__Activity__
Below are some records; output all of them exactly as they read.

Data extracted from a collection:
..............................
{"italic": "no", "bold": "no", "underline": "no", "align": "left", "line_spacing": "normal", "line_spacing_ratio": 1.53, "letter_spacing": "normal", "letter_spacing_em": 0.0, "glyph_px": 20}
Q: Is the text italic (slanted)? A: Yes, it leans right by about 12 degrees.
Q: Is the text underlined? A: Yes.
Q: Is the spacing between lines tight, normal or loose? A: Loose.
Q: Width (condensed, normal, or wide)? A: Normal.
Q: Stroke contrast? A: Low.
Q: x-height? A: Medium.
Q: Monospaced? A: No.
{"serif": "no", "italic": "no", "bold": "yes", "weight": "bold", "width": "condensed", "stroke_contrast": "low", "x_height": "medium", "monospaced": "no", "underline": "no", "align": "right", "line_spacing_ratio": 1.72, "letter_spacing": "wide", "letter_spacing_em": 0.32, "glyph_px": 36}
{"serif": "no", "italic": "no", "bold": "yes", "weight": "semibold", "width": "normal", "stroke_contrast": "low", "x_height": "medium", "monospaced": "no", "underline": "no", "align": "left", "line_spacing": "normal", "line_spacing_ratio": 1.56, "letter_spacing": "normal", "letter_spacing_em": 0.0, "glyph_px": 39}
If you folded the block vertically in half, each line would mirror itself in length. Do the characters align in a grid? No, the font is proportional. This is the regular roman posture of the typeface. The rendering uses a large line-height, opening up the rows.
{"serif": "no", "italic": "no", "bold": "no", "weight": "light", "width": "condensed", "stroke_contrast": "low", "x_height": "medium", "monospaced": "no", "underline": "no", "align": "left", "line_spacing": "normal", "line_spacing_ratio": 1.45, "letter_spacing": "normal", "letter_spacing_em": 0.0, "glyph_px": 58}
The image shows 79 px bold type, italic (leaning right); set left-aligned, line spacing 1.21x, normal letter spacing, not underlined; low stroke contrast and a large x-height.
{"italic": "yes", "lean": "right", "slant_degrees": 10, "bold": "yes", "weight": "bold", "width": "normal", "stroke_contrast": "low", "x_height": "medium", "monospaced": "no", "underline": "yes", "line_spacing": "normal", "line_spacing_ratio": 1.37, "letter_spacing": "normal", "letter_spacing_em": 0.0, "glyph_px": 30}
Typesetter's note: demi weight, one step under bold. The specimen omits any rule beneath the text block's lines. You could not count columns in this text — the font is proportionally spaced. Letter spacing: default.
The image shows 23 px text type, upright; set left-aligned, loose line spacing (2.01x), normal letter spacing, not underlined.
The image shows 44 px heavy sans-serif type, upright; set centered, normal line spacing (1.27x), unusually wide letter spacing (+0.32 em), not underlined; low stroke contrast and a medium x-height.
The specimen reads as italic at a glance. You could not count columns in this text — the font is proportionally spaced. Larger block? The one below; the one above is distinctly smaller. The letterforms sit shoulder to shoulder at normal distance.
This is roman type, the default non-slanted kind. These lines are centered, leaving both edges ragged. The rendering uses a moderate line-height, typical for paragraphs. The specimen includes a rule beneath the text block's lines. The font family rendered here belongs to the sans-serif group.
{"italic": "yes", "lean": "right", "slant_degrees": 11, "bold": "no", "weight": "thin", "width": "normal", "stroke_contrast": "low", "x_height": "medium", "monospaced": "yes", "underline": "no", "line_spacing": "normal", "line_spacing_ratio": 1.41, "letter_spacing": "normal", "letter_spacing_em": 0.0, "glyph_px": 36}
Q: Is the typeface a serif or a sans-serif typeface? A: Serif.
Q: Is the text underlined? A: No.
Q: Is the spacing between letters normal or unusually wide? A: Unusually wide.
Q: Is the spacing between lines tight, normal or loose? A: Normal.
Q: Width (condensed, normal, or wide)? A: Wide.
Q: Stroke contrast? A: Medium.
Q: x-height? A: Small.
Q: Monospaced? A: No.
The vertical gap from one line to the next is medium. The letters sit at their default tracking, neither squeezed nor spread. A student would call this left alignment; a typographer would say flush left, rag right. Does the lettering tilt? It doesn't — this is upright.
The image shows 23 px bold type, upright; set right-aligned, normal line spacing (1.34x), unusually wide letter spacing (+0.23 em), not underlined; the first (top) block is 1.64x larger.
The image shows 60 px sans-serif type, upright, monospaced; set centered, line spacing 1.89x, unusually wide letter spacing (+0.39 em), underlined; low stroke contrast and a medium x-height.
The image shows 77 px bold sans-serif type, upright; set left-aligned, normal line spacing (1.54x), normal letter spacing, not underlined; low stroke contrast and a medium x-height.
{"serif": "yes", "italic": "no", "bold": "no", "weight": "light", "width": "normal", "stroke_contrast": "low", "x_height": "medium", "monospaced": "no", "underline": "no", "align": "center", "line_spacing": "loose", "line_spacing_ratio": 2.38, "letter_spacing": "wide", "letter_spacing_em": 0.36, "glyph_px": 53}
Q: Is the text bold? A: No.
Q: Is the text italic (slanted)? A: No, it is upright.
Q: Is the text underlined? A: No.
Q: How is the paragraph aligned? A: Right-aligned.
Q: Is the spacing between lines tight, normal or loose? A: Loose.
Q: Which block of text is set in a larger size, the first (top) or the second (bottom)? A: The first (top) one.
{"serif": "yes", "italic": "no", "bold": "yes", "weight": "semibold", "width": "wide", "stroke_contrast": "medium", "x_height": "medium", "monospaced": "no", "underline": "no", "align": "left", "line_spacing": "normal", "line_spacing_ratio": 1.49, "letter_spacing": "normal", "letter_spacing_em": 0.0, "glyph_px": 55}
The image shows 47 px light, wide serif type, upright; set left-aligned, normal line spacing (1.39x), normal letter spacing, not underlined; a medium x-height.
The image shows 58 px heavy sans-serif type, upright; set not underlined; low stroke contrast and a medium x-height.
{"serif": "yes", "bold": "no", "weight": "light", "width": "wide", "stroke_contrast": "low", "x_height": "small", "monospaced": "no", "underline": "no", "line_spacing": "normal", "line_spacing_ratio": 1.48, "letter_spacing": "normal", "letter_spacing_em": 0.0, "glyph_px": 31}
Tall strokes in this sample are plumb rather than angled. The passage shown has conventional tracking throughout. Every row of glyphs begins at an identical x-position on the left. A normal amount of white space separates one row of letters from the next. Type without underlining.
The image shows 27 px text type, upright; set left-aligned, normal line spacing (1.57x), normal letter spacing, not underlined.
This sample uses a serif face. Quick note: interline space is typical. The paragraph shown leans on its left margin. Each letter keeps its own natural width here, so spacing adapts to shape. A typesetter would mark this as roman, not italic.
..............................
__Completed exercise__
{"italic": "no", "bold": "no", "underline": "no", "align": "left", "line_spacing": "normal", "line_spacing_ratio": 1.53, "letter_spacing": "normal", "letter_spacing_em": 0.0, "glyph_px": 20}
Q: Is the text italic (slanted)? A: Yes, it leans right by about 12 degrees.
Q: Is the text underlined? A: Yes.
Q: Is the spacing between lines tight, normal or loose? A: Loose.
Q: Width (condensed, normal, or wide)? A: Normal.
Q: Stroke contrast? A: Low.
Q: x-height? A: Medium.
Q: Monospaced? A: No.
{"serif": "no", "italic": "no", "bold": "yes", "weight": "bold", "width": "condensed", "stroke_contrast": "low", "x_height": "medium", "monospaced": "no", "underline": "no", "align": "right", "line_spacing_ratio": 1.72, "letter_spacing": "wide", "letter_spacing_em": 0.32, "glyph_px": 36}
{"serif": "no", "italic": "no", "bold": "yes", "weight": "semibold", "width": "normal", "stroke_contrast": "low", "x_height": "medium", "monospaced": "no", "underline": "no", "align": "left", "line_spacing": "normal", "line_spacing_ratio": 1.56, "letter_spacing": "normal", "letter_spacing_em": 0.0, "glyph_px": 39}
If you folded the block vertically in half, each line would mirror itself in length. Do the characters align in a grid? No, the font is proportional. This is the regular roman posture of the typeface. The rendering uses a large line-height, opening up the rows.
{"serif": "no", "italic": "no", "bold": "no", "weight": "light", "width": "condensed", "stroke_contrast": "low", "x_height": "medium", "monospaced": "no", "underline": "no", "align": "left", "line_spacing": "normal", "line_spacing_ratio": 1.45, "letter_spacing": "normal", "letter_spacing_em": 0.0, "glyph_px": 58}
The image shows 79 px bold type, italic (leaning right); set left-aligned, line spacing 1.21x, normal letter spacing, not underlined; low stroke contrast and a large x-height.
{"italic": "yes", "lean": "right", "slant_degrees": 10, "bold": "yes", "weight": "bold", "width": "normal", "stroke_contrast": "low", "x_height": "medium", "monospaced": "no", "underline": "yes", "line_spacing": "normal", "line_spacing_ratio": 1.37, "letter_spacing": "normal", "letter_spacing_em": 0.0, "glyph_px": 30}
Typesetter's note: demi weight, one step under bold. The specimen omits any rule beneath the text block's lines. You could not count columns in this text — the font is proportionally spaced. Letter spacing: default.
The image shows 23 px text type, upright; set left-aligned, loose line spacing (2.01x), normal letter spacing, not underlined.
The image shows 44 px heavy sans-serif type, upright; set centered, normal line spacing (1.27x), unusually wide letter spacing (+0.32 em), not underlined; low stroke contrast and a medium x-height.
The specimen reads as italic at a glance. You could not count columns in this text — the font is proportionally spaced. Larger block? The one below; the one above is distinctly smaller. The letterforms sit shoulder to shoulder at normal distance.
This is roman type, the default non-slanted kind. These lines are centered, leaving both edges ragged. The rendering uses a moderate line-height, typical for paragraphs. The specimen includes a rule beneath the text block's lines. The font family rendered here belongs to the sans-serif group.
{"italic": "yes", "lean": "right", "slant_degrees": 11, "bold": "no", "weight": "thin", "width": "normal", "stroke_contrast": "low", "x_height": "medium", "monospaced": "yes", "underline": "no", "line_spacing": "normal", "line_spacing_ratio": 1.41, "letter_spacing": "normal", "letter_spacing_em": 0.0, "glyph_px": 36}
Q: Is the typeface a serif or a sans-serif typeface? A: Serif.
Q: Is the text underlined? A: No.
Q: Is the spacing between letters normal or unusually wide? A: Unusually wide.
Q: Is the spacing between lines tight, normal or loose? A: Normal.
Q: Width (condensed, normal, or wide)? A: Wide.
Q: Stroke contrast? A: Medium.
Q: x-height? A: Small.
Q: Monospaced? A: No.
The vertical gap from one line to the next is medium. The letters sit at their default tracking, neither squeezed nor spread. A student would call this left alignment; a typographer would say flush left, rag right. Does the lettering tilt? It doesn't — this is upright.
The image shows 23 px bold type, upright; set right-aligned, normal line spacing (1.34x), unusually wide letter spacing (+0.23 em), not underlined; the first (top) block is 1.64x larger.
The image shows 60 px sans-serif type, upright, monospaced; set centered, line spacing 1.89x, unusually wide letter spacing (+0.39 em), underlined; low stroke contrast and a medium x-height.
The image shows 77 px bold sans-serif type, upright; set left-aligned, normal line spacing (1.54x), normal letter spacing, not underlined; low stroke contrast and a medium x-height.
{"serif": "yes", "italic": "no", "bold": "no", "weight": "light", "width": "normal", "stroke_contrast": "low", "x_height": "medium", "monospaced": "no", "underline": "no", "align": "center", "line_spacing": "loose", "line_spacing_ratio": 2.38, "letter_spacing": "wide", "letter_spacing_em": 0.36, "glyph_px": 53}
Q: Is the text bold? A: No.
Q: Is the text italic (slanted)? A: No, it is upright.
Q: Is the text underlined? A: No.
Q: How is the paragraph aligned? A: Right-aligned.
Q: Is the spacing between lines tight, normal or loose? A: Loose.
Q: Which block of text is set in a larger size, the first (top) or the second (bottom)? A: The first (top) one.
{"serif": "yes", "italic": "no", "bold": "yes", "weight": "semibold", "width": "wide", "stroke_contrast": "medium", "x_height": "medium", "monospaced": "no", "underline": "no", "align": "left", "line_spacing": "normal", "line_spacing_ratio": 1.49, "letter_spacing": "normal", "letter_spacing_em": 0.0, "glyph_px": 55}
The image shows 47 px light, wide serif type, upright; set left-aligned, normal line spacing (1.39x), normal letter spacing, not underlined; a medium x-height.
The image shows 58 px heavy sans-serif type, upright; set not underlined; low stroke contrast and a medium x-height.
{"serif": "yes", "bold": "no", "weight": "light", "width": "wide", "stroke_contrast": "low", "x_height": "small", "monospaced": "no", "underline": "no", "line_spacing": "normal", "line_spacing_ratio": 1.48, "letter_spacing": "normal", "letter_spacing_em": 0.0, "glyph_px": 31}
Tall strokes in this sample are plumb rather than angled. The passage shown has conventional tracking throughout. Every row of glyphs begins at an identical x-position on the left. A normal amount of white space separates one row of letters from the next. Type without underlining.
The image shows 27 px text type, upright; set left-aligned, normal line spacing (1.57x), normal letter spacing, not underlined.
This sample uses a serif face. Quick note: interline space is typical. The paragraph shown leans on its left margin. Each letter keeps its own natural width here, so spacing adapts to shape. A typesetter would mark this as roman, not italic.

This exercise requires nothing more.